# 50.002 Computational Structures

INFORMATION SYSTEMS TECHNOLOGY AND DESIGN

# Cache Issues

### 1 Basic Caching Algorithm

Figure 1 illustrates the basic caching algorithm. We can READ or WRITE to the cache, and it will access the memory on WRITE or when READ command has a cache miss (HIT = 0). k is the row index of the cache, which is the full address for FA caches, or the lower k bits for DM caches. The write strategy assumed here is **write-through**. Refer to Section 9 for the complete caching algorithm.



Figure 1

# 2 Cache Design Issues

The access to the main memory is the bottleneck for performance. Cache is used to reduce the frequency of access to the main memory whenever possible. There are several design issues for cache:

1. Associativity: how many different addresses can be stored in the cache. For DM cache,  $2^k$  is set to be the size of the cache (total number of cache lines). A 1-to-1 mapping between each combination of the last k bit to the cache line is required.



- 2. Replacement strategy
- 3. Block size
- 4. Write strategy: when to write from cache to memory

### 3 Pros and Cons of FA and DM Caches

|             | FA Cache                          | DM Cache                          |
|-------------|-----------------------------------|-----------------------------------|
| Tag Content | All address bits                  | Higher t address bits             |
| Tag Index   | None                              | Lower k address bits              |
| Cache Size  | Any                               | $2^k$                             |
| Data        | Mem[A]                            | Mem[A]                            |
| Performance | The gold standard on how well a   | Performs slower than FA cache     |
|             | cache should perform              | on average                        |
| Contention  | Does not have address con-        | Has address contention. The       |
|             | tention. Address-data can fit on  | probability of contention is in-  |
|             | any cache line.                   | versely proportional to cache     |
|             |                                   | size.                             |
| Cost        | Expensive, many boolean cir-      | Cheap, only one comparator in a   |
|             | cuits for comparators             | cache                             |
| Replacement | Yes: LRU, FIFO, Random            | No                                |
| Strategy    |                                   |                                   |
| Mapping     | No mapping                        | Lower k-bits for tag index, upper |
|             |                                   | t-bits for tag content            |
| Application | Good when cache size is small,    | Bad when cache size is small      |
|             | less important when cache size is | (more contention), good when      |
|             | large                             | cache size is large               |

Table 1



# 4 N-way set associative cache

## 4.1 Purpose

Finding the balance point:

- 1. Although DM cache is cheap, it suffers from contention problem.
- 2. Contention mostly occurs within a certain block of addresses (called independent hot-spots)
- 3. This is due to locality of reference in each of different address range.
- 4. Hence, some associativity (and not full associativity) is needed.

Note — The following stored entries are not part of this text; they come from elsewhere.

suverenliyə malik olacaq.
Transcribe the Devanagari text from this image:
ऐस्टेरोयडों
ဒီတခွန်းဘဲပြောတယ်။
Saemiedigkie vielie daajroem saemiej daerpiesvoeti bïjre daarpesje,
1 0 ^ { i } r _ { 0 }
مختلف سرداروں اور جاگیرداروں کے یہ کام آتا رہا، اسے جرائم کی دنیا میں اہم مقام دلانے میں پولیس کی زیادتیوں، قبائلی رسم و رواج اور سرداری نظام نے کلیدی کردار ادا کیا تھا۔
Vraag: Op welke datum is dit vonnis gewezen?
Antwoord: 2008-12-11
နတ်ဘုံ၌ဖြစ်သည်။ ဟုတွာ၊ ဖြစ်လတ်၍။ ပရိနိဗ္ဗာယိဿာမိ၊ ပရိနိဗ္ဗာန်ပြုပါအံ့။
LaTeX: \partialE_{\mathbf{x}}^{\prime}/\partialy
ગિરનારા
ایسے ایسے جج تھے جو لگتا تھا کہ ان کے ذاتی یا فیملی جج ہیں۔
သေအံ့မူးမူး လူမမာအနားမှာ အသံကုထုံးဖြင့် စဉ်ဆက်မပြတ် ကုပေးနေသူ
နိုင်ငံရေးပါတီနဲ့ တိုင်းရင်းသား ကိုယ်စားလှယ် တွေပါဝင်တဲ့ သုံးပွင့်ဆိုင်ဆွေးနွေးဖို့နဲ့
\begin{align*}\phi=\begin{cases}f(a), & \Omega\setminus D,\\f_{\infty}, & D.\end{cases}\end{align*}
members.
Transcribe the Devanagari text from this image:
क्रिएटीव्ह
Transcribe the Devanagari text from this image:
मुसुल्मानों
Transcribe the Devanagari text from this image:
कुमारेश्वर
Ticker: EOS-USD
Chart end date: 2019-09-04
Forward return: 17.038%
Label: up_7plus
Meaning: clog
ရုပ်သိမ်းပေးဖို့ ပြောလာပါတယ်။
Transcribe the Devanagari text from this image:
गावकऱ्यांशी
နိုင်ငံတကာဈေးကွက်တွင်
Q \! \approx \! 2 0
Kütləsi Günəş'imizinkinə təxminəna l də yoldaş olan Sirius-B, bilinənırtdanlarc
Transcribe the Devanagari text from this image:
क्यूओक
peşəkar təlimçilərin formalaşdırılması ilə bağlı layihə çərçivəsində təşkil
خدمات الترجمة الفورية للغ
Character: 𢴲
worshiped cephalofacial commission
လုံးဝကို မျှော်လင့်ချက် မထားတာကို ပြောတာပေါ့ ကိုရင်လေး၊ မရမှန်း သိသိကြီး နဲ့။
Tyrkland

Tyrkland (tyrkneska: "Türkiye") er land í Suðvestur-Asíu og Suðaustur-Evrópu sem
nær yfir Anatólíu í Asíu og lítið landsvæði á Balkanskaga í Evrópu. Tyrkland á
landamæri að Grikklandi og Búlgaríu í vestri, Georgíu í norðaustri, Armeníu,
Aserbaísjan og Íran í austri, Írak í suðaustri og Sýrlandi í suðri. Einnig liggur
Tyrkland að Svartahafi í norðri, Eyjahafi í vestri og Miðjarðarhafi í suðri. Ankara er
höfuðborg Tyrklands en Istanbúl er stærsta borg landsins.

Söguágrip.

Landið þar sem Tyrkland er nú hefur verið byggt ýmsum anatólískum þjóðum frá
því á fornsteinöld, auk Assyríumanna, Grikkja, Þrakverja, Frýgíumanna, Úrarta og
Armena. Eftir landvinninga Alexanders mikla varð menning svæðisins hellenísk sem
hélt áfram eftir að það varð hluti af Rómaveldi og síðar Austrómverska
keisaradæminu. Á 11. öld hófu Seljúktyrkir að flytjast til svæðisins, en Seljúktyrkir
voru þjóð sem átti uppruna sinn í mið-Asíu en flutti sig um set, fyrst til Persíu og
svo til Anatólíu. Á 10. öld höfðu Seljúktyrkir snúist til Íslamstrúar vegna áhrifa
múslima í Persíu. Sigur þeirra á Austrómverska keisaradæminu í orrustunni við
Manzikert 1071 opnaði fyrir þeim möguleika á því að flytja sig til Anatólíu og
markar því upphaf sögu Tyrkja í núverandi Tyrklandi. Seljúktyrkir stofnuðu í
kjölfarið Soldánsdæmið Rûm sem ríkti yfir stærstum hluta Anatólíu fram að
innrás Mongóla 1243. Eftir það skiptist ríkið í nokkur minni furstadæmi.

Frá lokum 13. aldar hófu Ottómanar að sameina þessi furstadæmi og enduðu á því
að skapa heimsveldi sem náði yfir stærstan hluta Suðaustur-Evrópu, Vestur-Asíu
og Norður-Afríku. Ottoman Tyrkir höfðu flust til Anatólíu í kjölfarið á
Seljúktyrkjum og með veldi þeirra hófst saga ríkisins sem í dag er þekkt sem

5. We should allow each location (lower k-bits directly mapped) to be stored in a restricted set of cache lines (see Fig 2 to know what is a 'set' and what is a 'cache line').

#### 4.2 Method

One solution is to build N-way set associative cache. See Figure 2.

1. We have N DM caches.



- 2. The cells in the same 'row' marked in red is called to belong in the same set.
- 3. The cells in the same 'column' of DM caches marked in blue is said to belong in the same cache line.
- 4. Given the same k-bits lower address, it can be stored in any of the N cache lines in the **same set**.
- 5. However a different combination of k-bits lower address will have to be direct mapped on different set.
- 6. Lookup operation: Parallel operation of N direct-mapped cache, each with  $2^k$  lines in the cache line.



Figure 2



### 4.3 Replacement Strategy

The replacement strategy is required to find out which of the N-cache lines in the same set can be replaced when there's a cache miss to that particular address request. There are three common strategies:

#### 1. LRU: Least Recently Used.

- (a) Replace least recently used item, good when N is small
- F
- (b) Need to keep ordered list of N items (N! orderings),
- (c) Overhead is  $O(\log_2 N!) = O(N \log_2 N)$  "LRU bits" per set
- (d) Plus complex logic to re-order the list after every cache access

#### 2. FIFO / LRR: Least Recently Replaced

- (a) Replace oldest item
- (b) Overhead is  $O(\log_2 N)$  bits/set, because one needs just one pointer (indicator bits) that tells us the oldest item within each set.

#### 3. Random

- (a) Use pseudo random generator to get reproducible behavior
- (b) Good when N is huge



There's no one best / winning replacement strategy. One replacement strategy can be better than the other depending on cases.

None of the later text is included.